AI just threw the entire industry into puberty

For years, this awkward coordination phase mostly happened in the middle stages of company growth.

Early startups were small enough that everyone had context on everything. Large enterprises had developed the management structures and processes to handle scale. Measured change became the main operating model.

But AI has shifted the underlying dynamics. Suddenly, teams everywhere have access to dramatically more execution power. We can build faster, ship faster, generate assets instantly, and run experiments that previously required entire teams.

In other words, we just experienced a massive increase in capacity.

Which feels very similar to what happens when a startup finds product-market fit and raises a round. The organization wakes up with more resources and more possibilities than its operating system was designed to handle.

When doing becomes easy, direction becomes hard

Historically, execution friction acted as a kind of stabilizer inside organizations. Work moved slowly enough that alignment problems surfaced early.

But when execution becomes cheap and fast, that natural feedback loop weakens.

Teams can build quickly without fully understanding how their decisions interact with others. Experiments compound before the broader implications are clear. Local optimizations spread through the system before anyone realizes they’re pulling the organization slightly off course.

From the inside, everything still looks productive. Work is happening. Output is increasing. Progress feels tangible.

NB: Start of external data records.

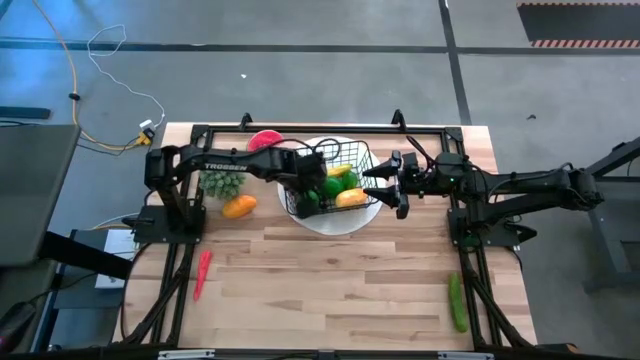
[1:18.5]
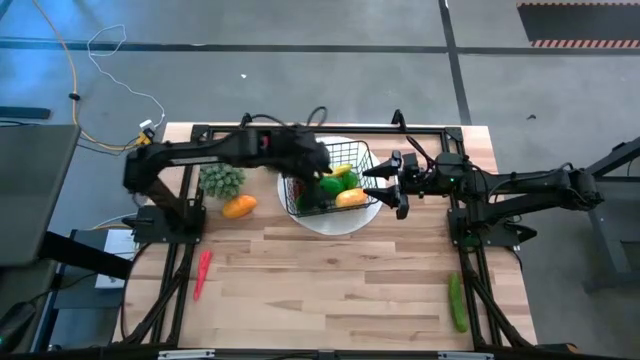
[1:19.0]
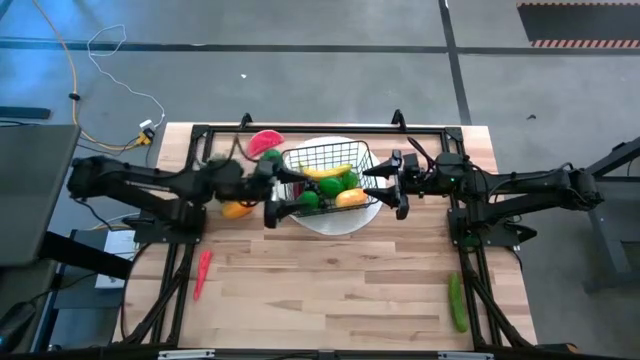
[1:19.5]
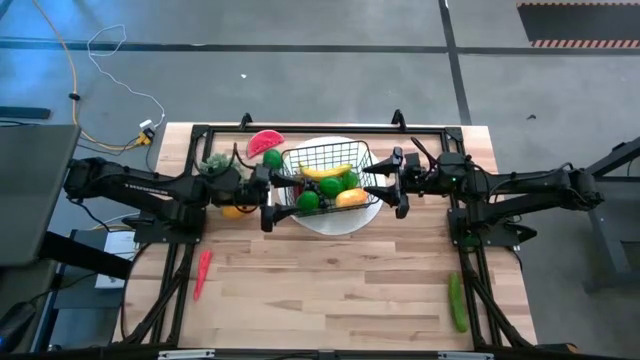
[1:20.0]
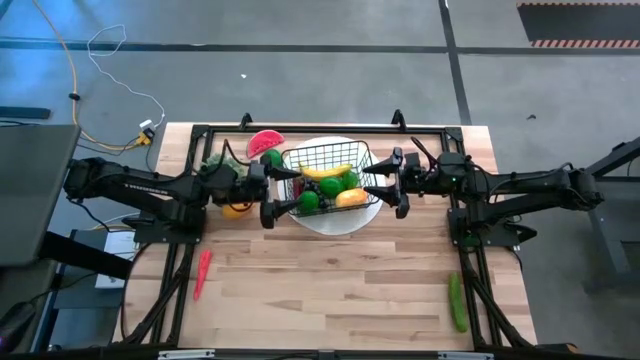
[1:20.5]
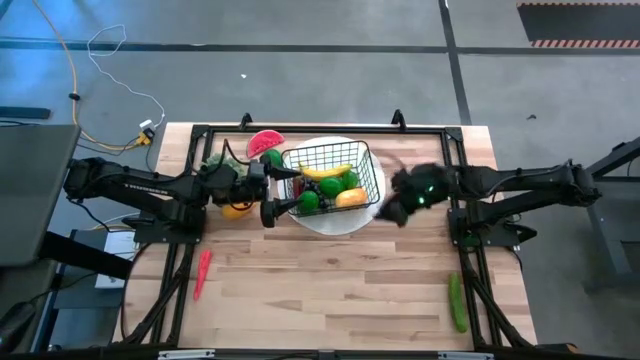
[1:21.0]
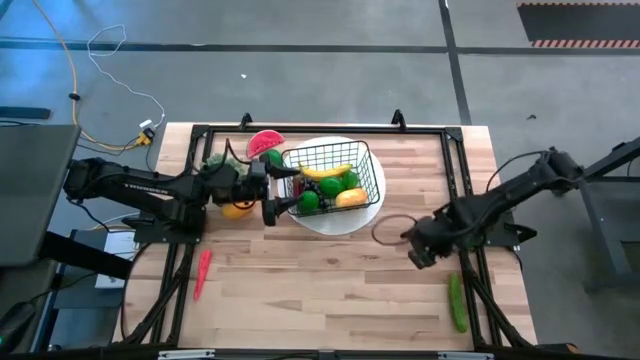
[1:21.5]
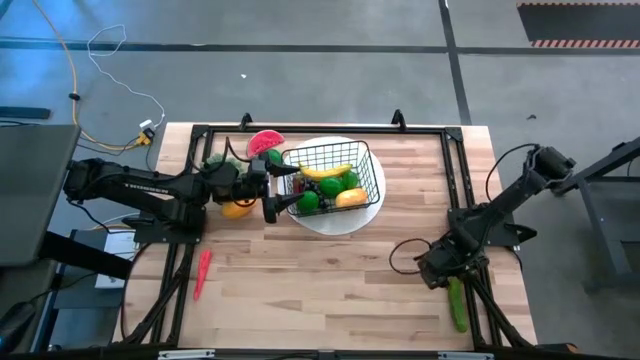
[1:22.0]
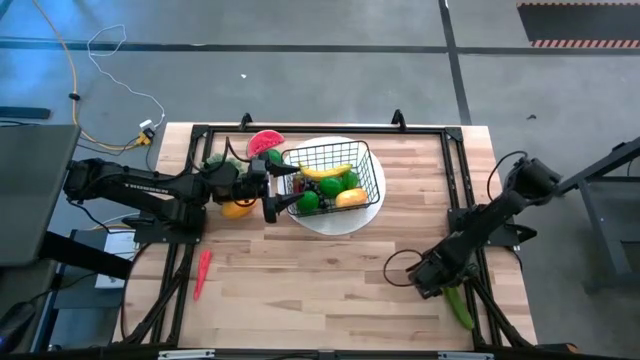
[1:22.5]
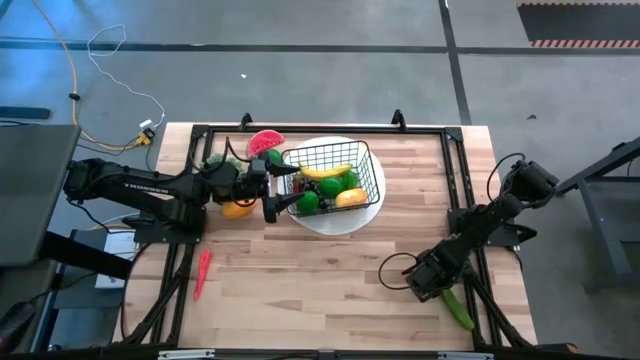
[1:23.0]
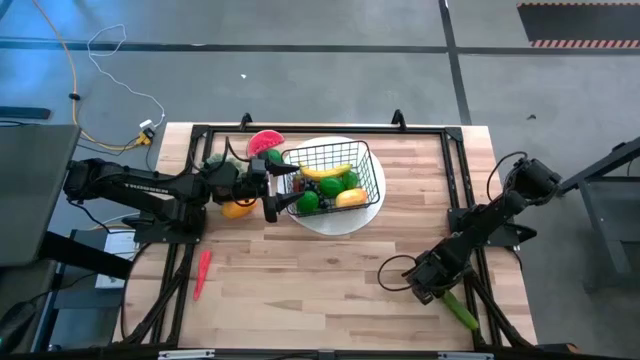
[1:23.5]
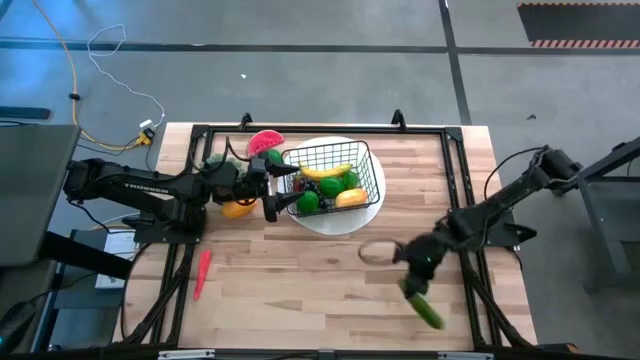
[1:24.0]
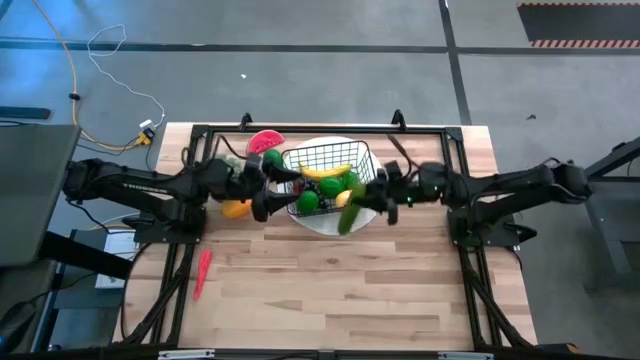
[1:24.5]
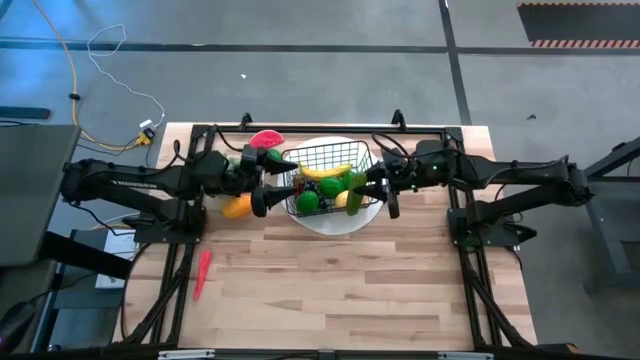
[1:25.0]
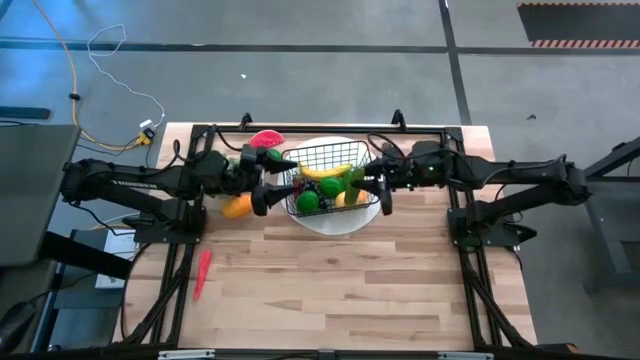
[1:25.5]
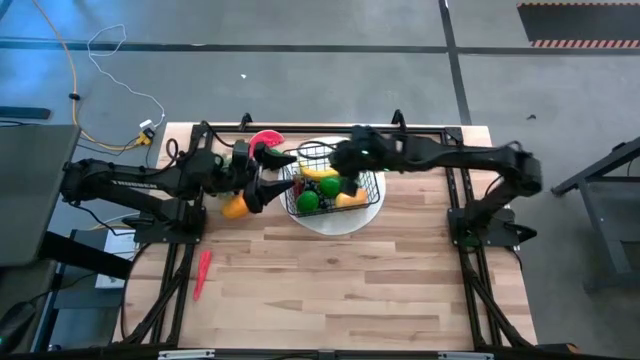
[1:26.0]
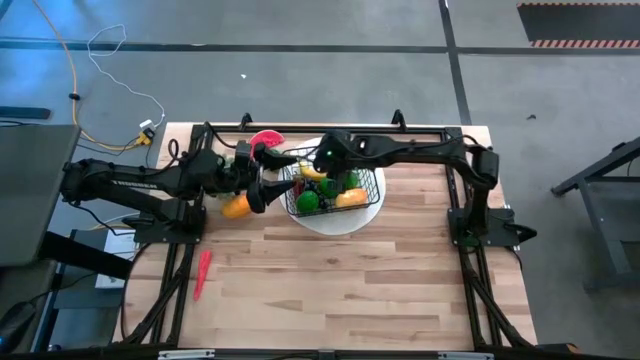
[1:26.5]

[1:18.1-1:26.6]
Put the green cucumber into the black wire basket

But over time, small shifts accumulate. And by the time leaders notice, the organization may already be far from where it originally intended to go.

This is the same dynamic that makes the teenage stage of a company so volatile. Capability grows faster than coordination systems and waste grows.

The missing infrastructure

What this moment is revealing is that most companies were never built with strong infrastructure for maintaining shared direction.

We have systems for execution: project management tools, ticketing systems, documentation platforms.

We have systems for communication: chat, meetings, collaboration tools.

But for most organizations our infrastructure for observing how decisions actually evolve across the company over time is strategy slide decks and OKR planning sessions.

When direction changes, those shifts propagate quietly through dozens of downstream choices — product tradeoffs, roadmap adjustments, hiring priorities, messaging updates. Each decision makes sense locally, but the broader pattern is difficult to see while it’s happening.

So organizations rely on something fragile: human memory, scattered notes, and periodic alignment meetings. That approach worked when execution moved slowly. It breaks down when decisions (and change) happen faster than people can track them and reorient the whole.

The next phase of organizational maturity

As execution accelerates, the companies that thrive won’t simply be the ones that build the fastest. They’ll be the ones that can see their own direction clearly while they move and learn through their stumbles.

Leaders will need the ability to observe how decisions connect, how assumptions evolve, and how small shifts in reasoning ripple through the system over time. Not to control every decision. But to understand whether the organization is still heading where it believes it is.

Because when capability expands faster than coordination, the real challenge isn’t doing more. It’s steering well.

And right now, much of the tech industry is relearning what it means to do that.

In other words, the industry just entered puberty again. And like every teenager eventually discovers, growing faster isn’t the hard part. Learning what it means to go through that growth is.